If a draft of the report is lost and someone needs to restore it from backup, finding and reassembling the chunks scattered throughout the disk could be a lengthy process. “You can always do a slow search through all your data and eventually find it, but you want to do this at lightning speed,” says Kave Eshghi, principal research scientist at HP Labs.

StoreOnce software: Taking data deduplication to the next level


HP’s StoreOnce software, based on next-generation deduplication technology, balances the need to find data quickly with the need to conserve disk space. It does this by storing chunks of data from the same document next to each other, even if they were backed up on different days. “We pay special attention to how and where we store the chunks of data so that when you want to restore in the future your information is less fragmented,” Eshghi says.

This means a single document isn’t broken up and stored in too many places, so that “we can get a guaranteed minimum restore speed,” Lillibridge says.

A storage “amplifier” for customers

HP’s StoreOnce software, which was launched in July 2010, is sold as part of a storage appliance. It’s a box that customers can turn on and start using, says Graham Perry, lead engineer on the deduplication technology development team within HP’s StorageWorks division. This offers customers the option of backing up data that needs to be easily restored, but doesn’t necessarily require split-second access. Backing up changes made to a database from a remote office might fall into this category, Perry says.

“Customers have been asking us for an amplifier that could boost their storage capabilities,” Perry says. “That’s what data deduplication does. It allows you to store more data for less money, and it allows you to manage it in a user-friendly way.”

HP has been working on advancing this technology for some time. In July 2008, the company released a solution to help small and medium-size businesses to accelerate their backups. Since then, HP has evolved the technology to be more than six times faster and have ten times more capacity, Eshghi says.

“It’s the difference between a Model T Ford and a modern Mercedes,” Perry says.

In addition, HP has improved the technology’s ease of use.

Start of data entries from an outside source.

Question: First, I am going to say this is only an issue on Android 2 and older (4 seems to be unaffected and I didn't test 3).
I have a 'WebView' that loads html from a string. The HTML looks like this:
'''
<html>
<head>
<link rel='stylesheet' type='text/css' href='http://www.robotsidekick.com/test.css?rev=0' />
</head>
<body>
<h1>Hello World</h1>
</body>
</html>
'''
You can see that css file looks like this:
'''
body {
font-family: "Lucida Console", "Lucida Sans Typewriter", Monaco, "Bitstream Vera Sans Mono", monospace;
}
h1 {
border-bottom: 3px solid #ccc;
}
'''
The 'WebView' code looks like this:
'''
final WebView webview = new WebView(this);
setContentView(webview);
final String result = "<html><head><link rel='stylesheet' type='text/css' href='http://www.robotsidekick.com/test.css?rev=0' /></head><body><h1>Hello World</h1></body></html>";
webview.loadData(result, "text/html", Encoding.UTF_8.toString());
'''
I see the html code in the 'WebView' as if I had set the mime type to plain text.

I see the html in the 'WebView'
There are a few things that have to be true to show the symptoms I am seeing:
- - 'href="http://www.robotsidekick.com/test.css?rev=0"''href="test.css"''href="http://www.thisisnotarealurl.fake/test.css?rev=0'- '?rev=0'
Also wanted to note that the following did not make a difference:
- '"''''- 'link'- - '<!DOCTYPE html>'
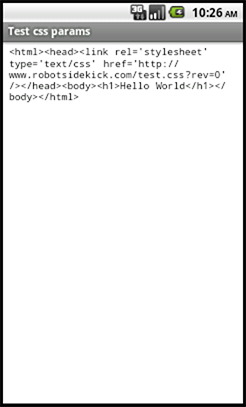
Answer: Changing the 'webview.loadData' line to this:
'''
webview.loadData(URLEncoder.encode(result).replaceAll("\+", " "), "text/html", Encoding.UTF_8.toString());
'''
Solves this problem. It seems weird to me that a relative path with an unencoded '?' doesn't cause problems, while a fake url with an unencoded '?' does cause problems.
Also find it odd that the 'WebView' changed enough in subsequent versions of Android that we don't have to go encoding our html anymore? That sounds fishy.
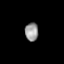
Tissue: lung
Cell type: Epithelial cells
Senescence score: 0.1993
Nuclear area (px): 236
Mean DAPI intensity: 154.025
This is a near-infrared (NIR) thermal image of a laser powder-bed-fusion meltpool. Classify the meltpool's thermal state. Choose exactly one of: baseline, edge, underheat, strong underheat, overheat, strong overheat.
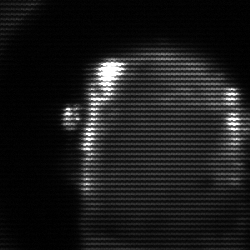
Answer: baseline
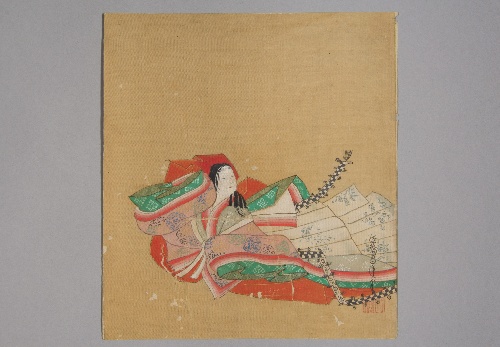
Artist: Kano Shōun
Artist bio: 1637–1702
Date: 17th century
Object type: Painting
Classification: Paintings
Medium: Unmounted shikisi leaf; ink and color on silk
Culture: Japan
Period: Edo period (1615–1868)
Dimensions: 7 1/4 × 6 1/2 in. (18.4 × 16.5 cm)
Department: Asian Art
Credit line: Gift of Estate of Samuel Isham, 1914
Accession year: 1914
Repository: Metropolitan Museum of Art, New York, NY
Tags: Women|Poets

HP's data deduplication technology has been re-engineered to make it easier to manage data services and backups at remote offices, for example. “It’s a massive step forward from what was offered two years ago,” Eshghi says. “StoreOnce represents an architecture that allows us to aggressively take data deduplication technology to enterprise customers.”

Eshghi says the technology also stands out because of its flexibility. “The same kind of architecture can be used in a variety of different situations,” he says, citing examples that range from data centers to remote offices with limited hardware.

HP Labs a valuable sounding board for new ideas

HP Labs has played an important role in the development of HP’s data deduplication technology. “We were working on data deduplication before backup speeds became a problem,” Eshghi says. “When we brought the idea to our colleagues working on product development, it was a perfect fit for HP’s customers and it’s now an important part of HP’s product portfolio.”

Eshghi describes the HP Labs’ relationship with HP business units as “symbiotic.”

Perry says HP Labs helps the company’s business units quickly explore the viability of new ideas. “Ideas come from all over the place, but as with everything, the devil is in the details,” he says. “The ability to vet ideas with HP Labs and quickly determine which have potential and which ones have already been explored makes us much more efficient.”

HP is looking to the future with StoreOnce, which is currently being sold in appliances with capacity for 40 terabytes of data after deduplication. That number is expected to rise to 90 terabytes in six months, and will multiply tenfold once multinode technology is ready.

“One of the big pushes will be to go from an appliance, which is made up of a single box, to clusters or federations of these boxes working in multiple-node systems,” Perry says. “The data explosion is so rapid that it’s overtaking anything that you could handle with a single piece of hardware.”